Stored dataset items
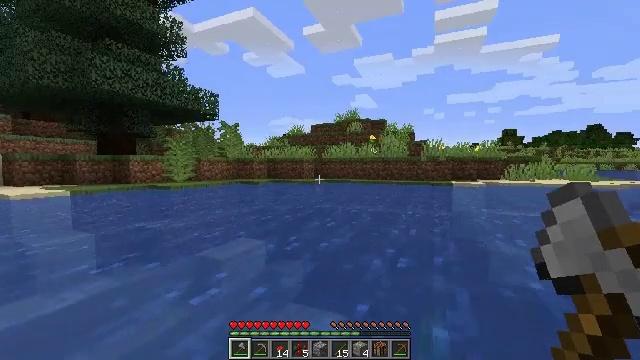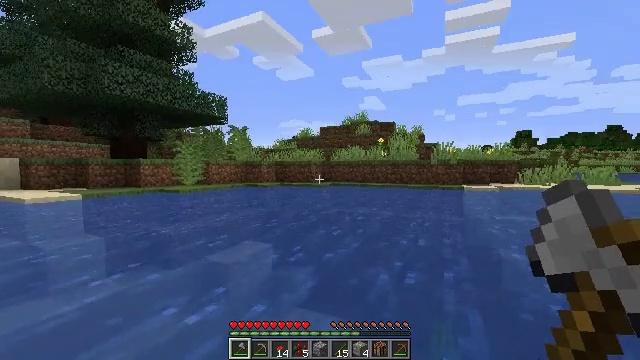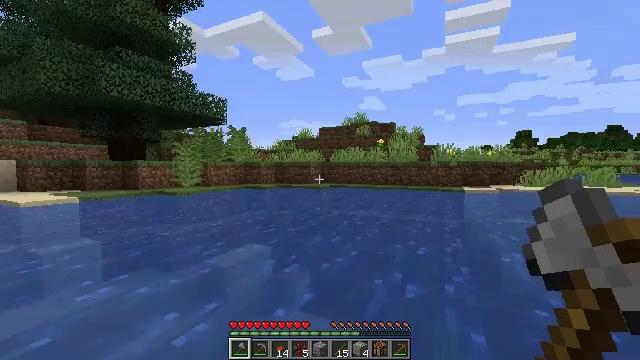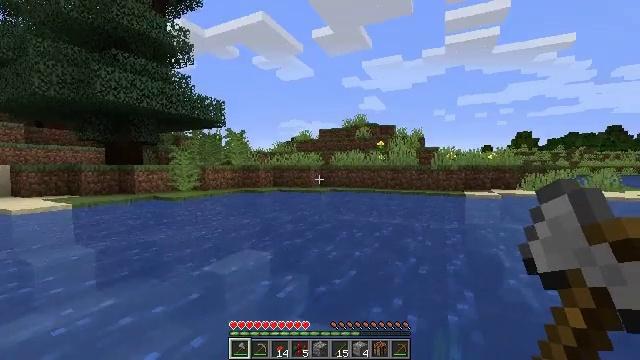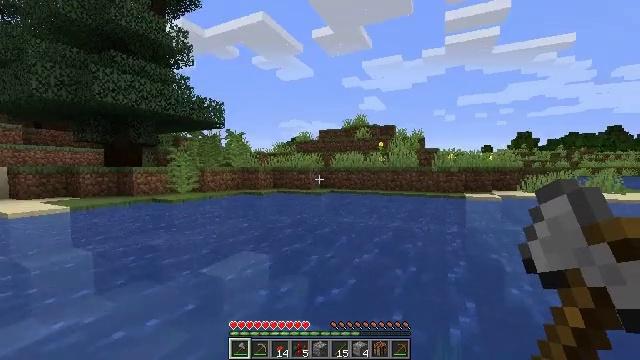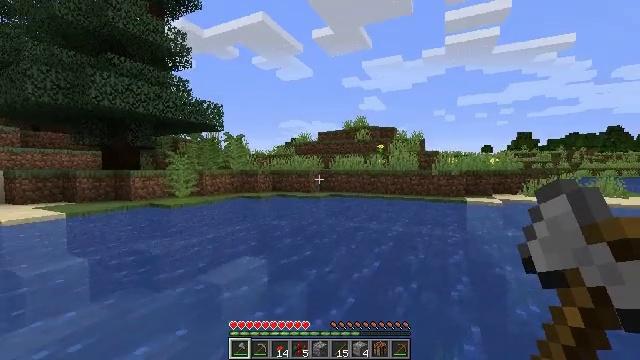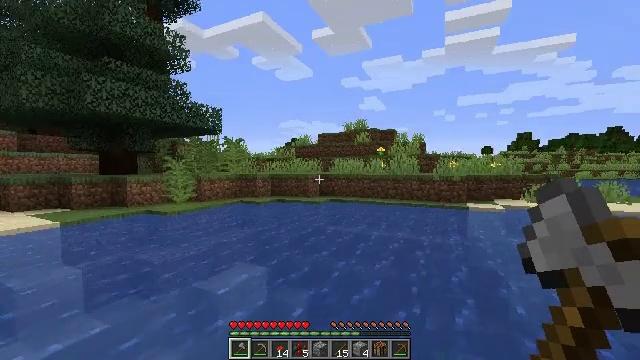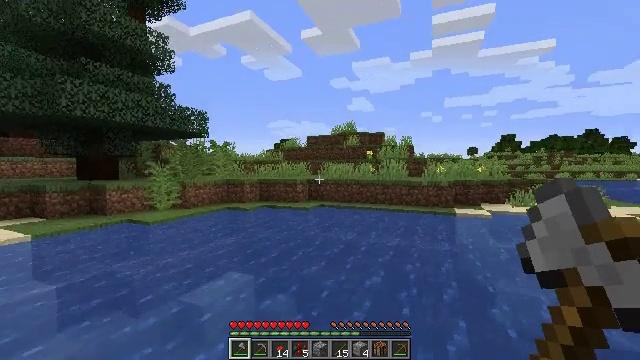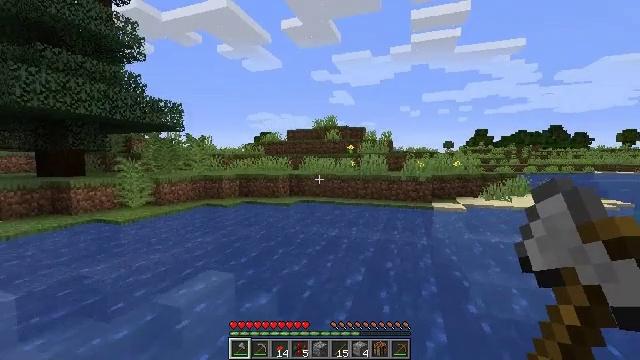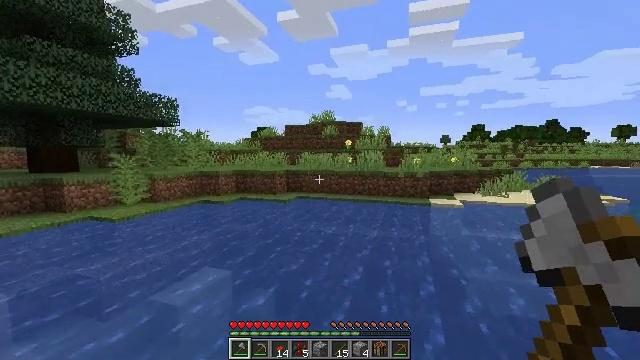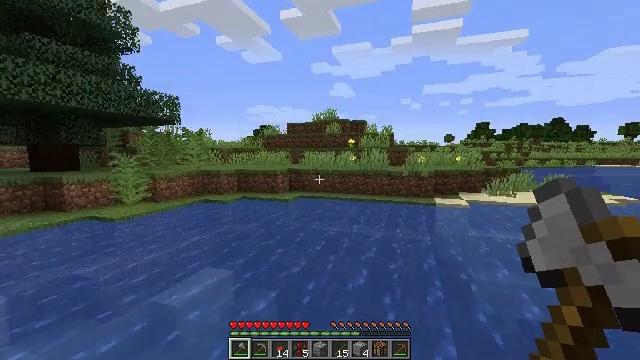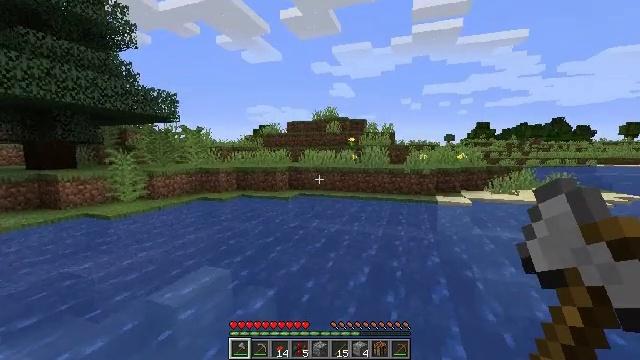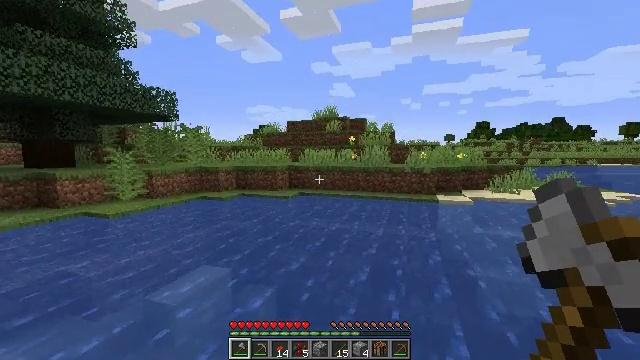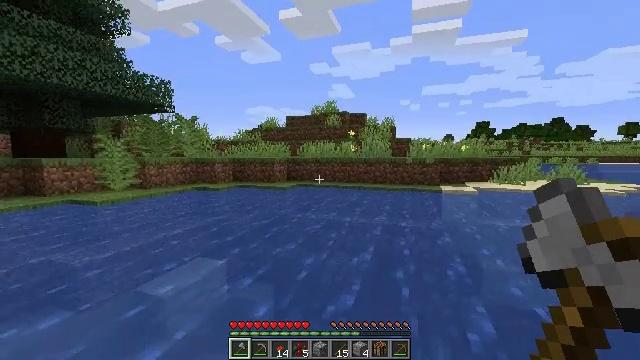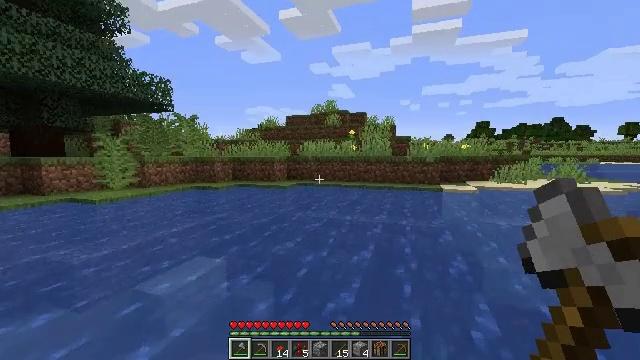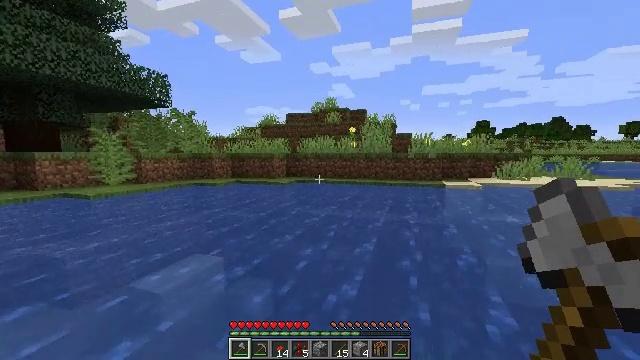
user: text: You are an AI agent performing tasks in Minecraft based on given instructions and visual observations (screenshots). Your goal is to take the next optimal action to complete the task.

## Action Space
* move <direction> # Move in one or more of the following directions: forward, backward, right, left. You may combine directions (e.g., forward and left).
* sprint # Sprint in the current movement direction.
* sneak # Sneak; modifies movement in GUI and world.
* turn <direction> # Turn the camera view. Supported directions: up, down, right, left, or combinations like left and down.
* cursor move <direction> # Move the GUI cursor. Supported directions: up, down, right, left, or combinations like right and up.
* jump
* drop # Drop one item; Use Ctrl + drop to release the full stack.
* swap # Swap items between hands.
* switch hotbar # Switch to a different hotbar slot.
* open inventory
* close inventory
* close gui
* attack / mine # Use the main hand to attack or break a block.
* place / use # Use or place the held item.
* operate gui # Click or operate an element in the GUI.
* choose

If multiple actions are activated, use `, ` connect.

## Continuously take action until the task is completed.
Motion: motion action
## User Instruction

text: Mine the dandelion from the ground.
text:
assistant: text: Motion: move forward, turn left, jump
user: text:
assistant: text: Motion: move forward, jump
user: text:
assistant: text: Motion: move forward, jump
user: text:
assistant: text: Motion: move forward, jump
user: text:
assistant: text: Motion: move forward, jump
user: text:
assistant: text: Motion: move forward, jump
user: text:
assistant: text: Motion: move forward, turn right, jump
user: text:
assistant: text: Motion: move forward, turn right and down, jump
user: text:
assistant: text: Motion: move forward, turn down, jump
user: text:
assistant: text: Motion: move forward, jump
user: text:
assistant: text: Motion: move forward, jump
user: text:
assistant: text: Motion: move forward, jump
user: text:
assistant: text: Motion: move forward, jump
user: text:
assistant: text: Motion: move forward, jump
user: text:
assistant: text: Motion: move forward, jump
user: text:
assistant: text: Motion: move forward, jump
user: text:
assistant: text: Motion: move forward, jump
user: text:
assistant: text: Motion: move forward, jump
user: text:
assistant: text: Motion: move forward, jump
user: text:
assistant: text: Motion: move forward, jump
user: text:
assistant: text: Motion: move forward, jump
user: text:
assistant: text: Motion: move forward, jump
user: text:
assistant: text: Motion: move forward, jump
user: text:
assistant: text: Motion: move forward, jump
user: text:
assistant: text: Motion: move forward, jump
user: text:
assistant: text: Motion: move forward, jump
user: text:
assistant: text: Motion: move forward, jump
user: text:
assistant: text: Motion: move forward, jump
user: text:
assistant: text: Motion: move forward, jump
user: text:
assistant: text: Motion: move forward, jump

#### WORK ORDER:
Using the entries above, copy out all lines that contain the string "directions".

#### THE COMPLETED TASK:
* move <direction> # Move in one or more of the following directions: forward, backward, right, left. You may combine directions (e.g., forward and left).
* turn <direction> # Turn the camera view. Supported directions: up, down, right, left, or combinations like left and down.
* cursor move <direction> # Move the GUI cursor. Supported directions: up, down, right, left, or combinations like right and up.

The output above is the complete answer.